Exercise data
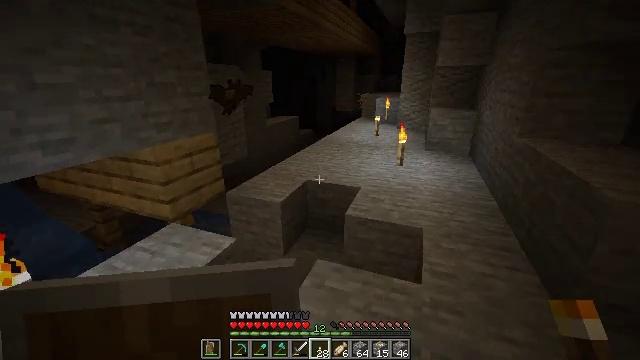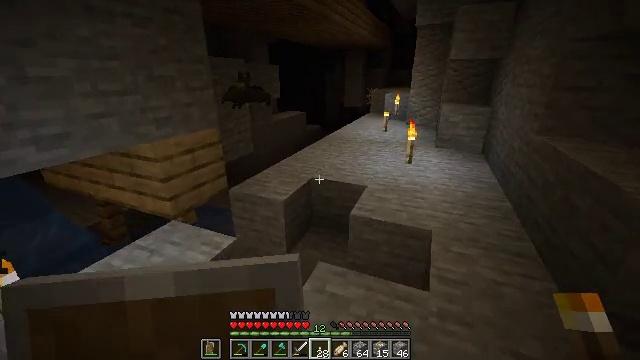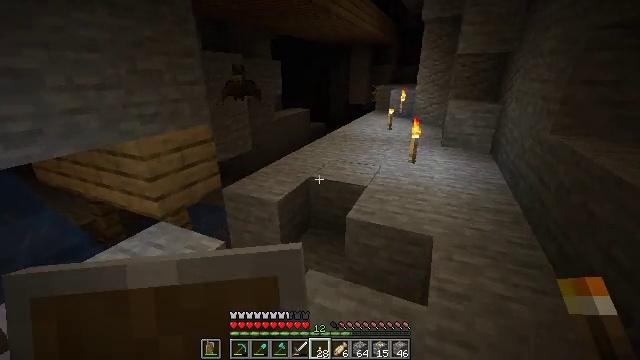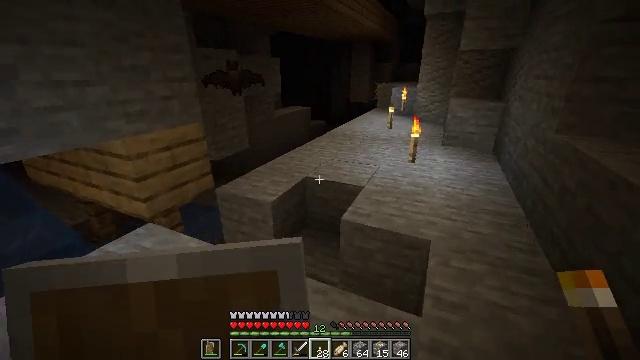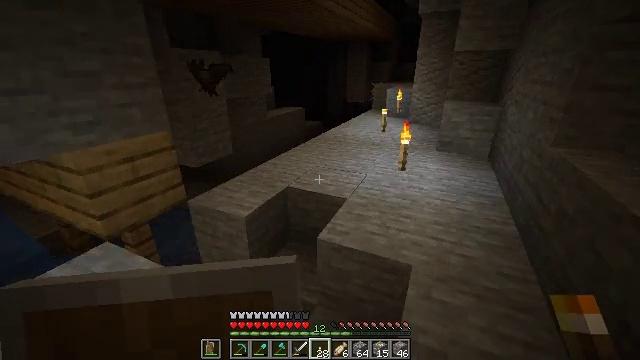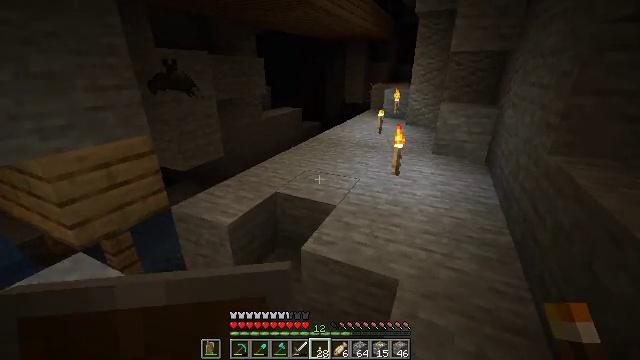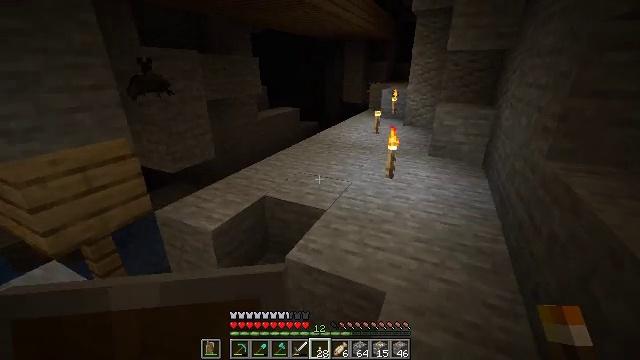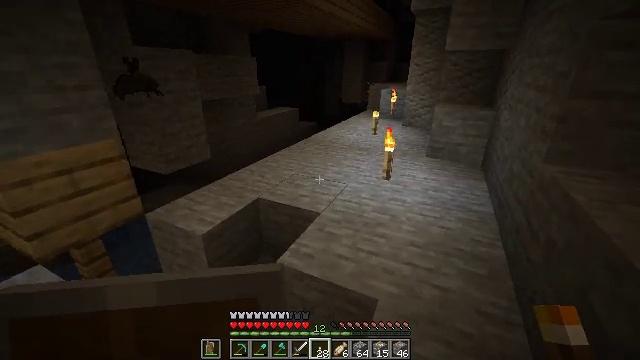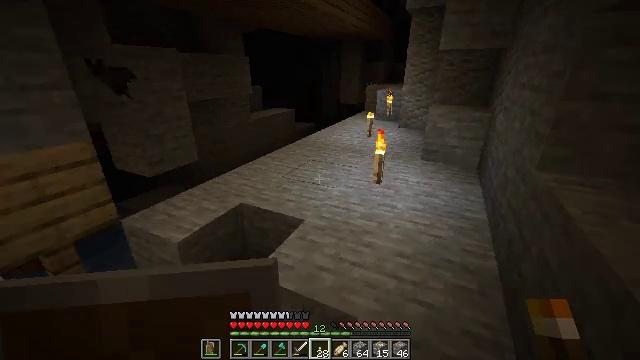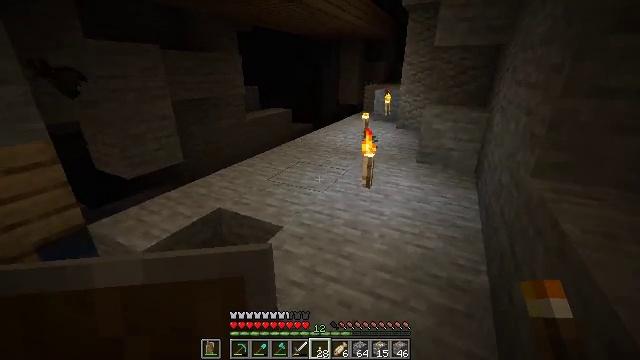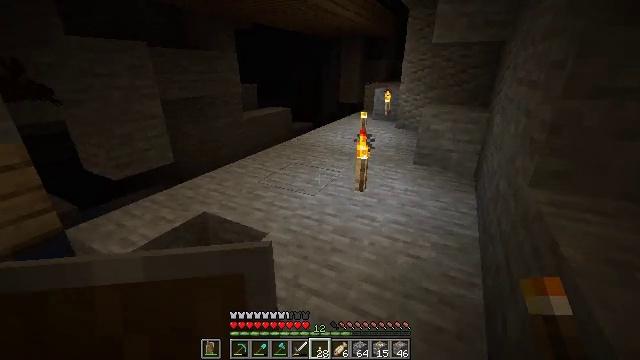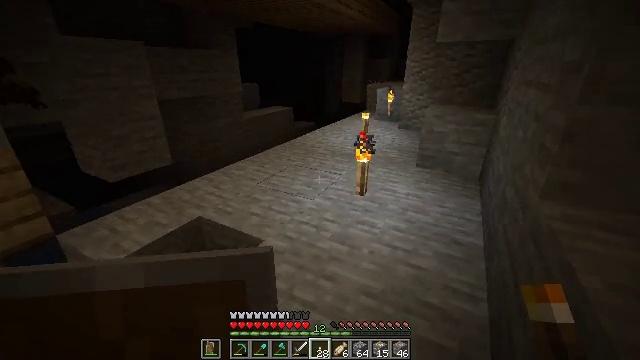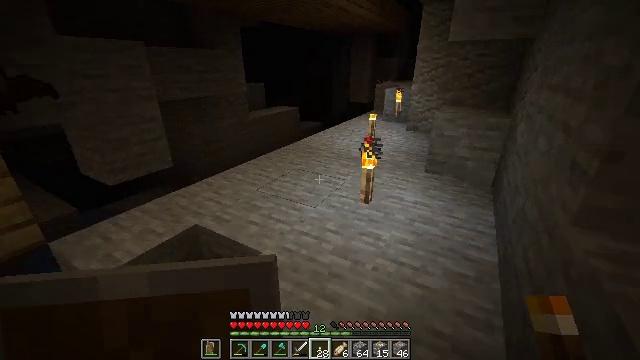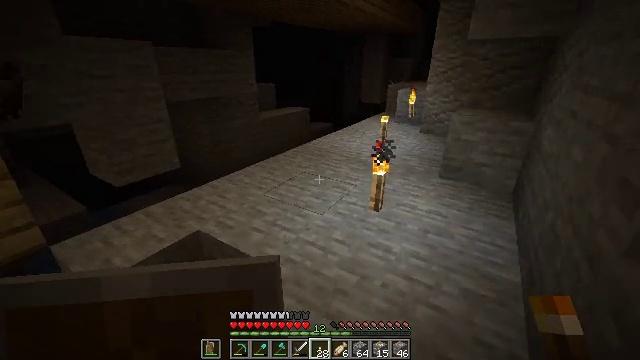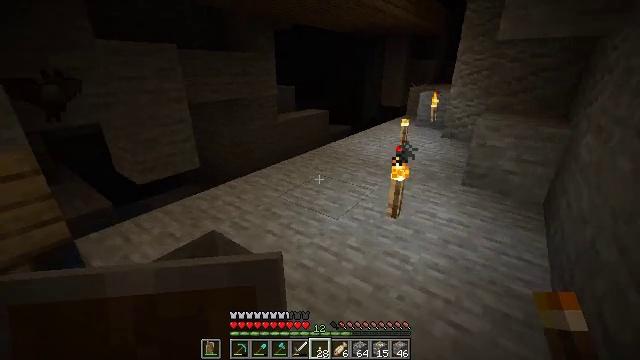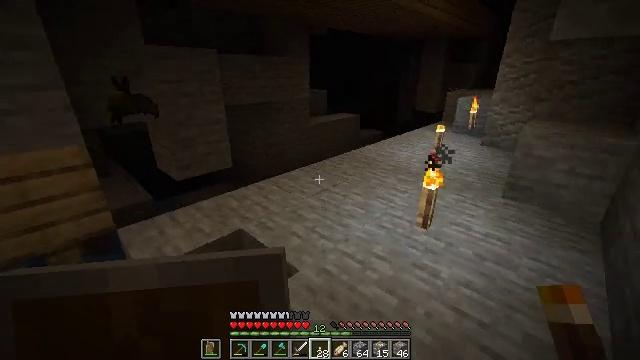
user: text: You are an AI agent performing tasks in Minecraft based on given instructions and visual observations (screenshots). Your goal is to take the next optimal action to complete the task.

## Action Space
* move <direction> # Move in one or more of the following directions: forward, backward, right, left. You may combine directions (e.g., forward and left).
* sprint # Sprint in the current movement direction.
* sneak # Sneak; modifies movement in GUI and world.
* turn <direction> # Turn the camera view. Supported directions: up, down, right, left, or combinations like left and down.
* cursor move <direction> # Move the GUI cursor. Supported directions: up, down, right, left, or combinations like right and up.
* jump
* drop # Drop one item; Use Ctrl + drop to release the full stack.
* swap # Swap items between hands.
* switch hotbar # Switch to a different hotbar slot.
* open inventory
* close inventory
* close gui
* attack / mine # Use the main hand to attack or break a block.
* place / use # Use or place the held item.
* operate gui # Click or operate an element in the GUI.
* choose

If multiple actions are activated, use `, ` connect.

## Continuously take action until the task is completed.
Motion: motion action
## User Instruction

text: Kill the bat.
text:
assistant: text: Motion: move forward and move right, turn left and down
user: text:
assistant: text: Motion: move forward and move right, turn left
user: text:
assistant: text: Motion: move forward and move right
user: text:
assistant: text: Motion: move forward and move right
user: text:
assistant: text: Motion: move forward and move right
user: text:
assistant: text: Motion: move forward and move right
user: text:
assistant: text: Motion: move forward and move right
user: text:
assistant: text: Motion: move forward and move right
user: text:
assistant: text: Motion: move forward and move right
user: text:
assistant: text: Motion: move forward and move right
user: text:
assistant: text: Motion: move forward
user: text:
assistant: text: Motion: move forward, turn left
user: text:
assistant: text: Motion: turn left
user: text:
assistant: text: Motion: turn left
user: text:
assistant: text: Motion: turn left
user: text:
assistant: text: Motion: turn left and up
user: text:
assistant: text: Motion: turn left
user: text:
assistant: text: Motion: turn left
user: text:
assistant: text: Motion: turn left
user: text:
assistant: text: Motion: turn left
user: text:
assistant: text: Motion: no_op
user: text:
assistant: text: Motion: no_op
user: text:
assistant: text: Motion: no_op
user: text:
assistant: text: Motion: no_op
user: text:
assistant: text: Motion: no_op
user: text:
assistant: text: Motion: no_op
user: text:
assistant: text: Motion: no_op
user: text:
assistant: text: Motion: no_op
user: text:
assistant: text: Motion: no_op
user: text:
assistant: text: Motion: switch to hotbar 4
--
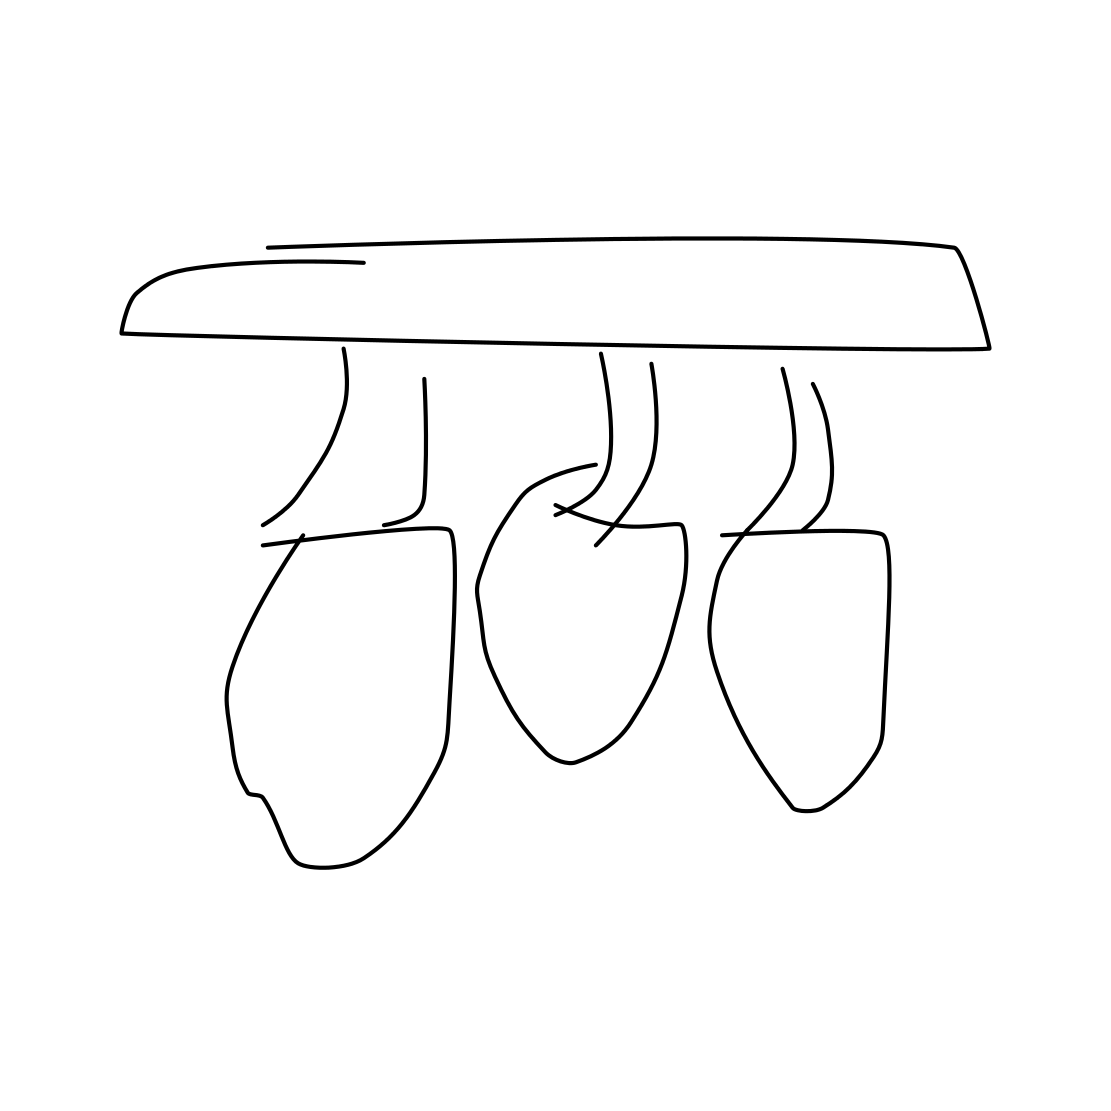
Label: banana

Task instructions
The lines above, starting at the one with "user: text: You" and ending at the one with "GUI and world.", are the only ones to return, exactly as written.

Result of this exercise
user: text: You are an AI agent performing tasks in Minecraft based on given instructions and visual observations (screenshots). Your goal is to take the next optimal action to complete the task.

## Action Space
* move <direction> # Move in one or more of the following directions: forward, backward, right, left. You may combine directions (e.g., forward and left).
* sprint # Sprint in the current movement direction.
* sneak # Sneak; modifies movement in GUI and world.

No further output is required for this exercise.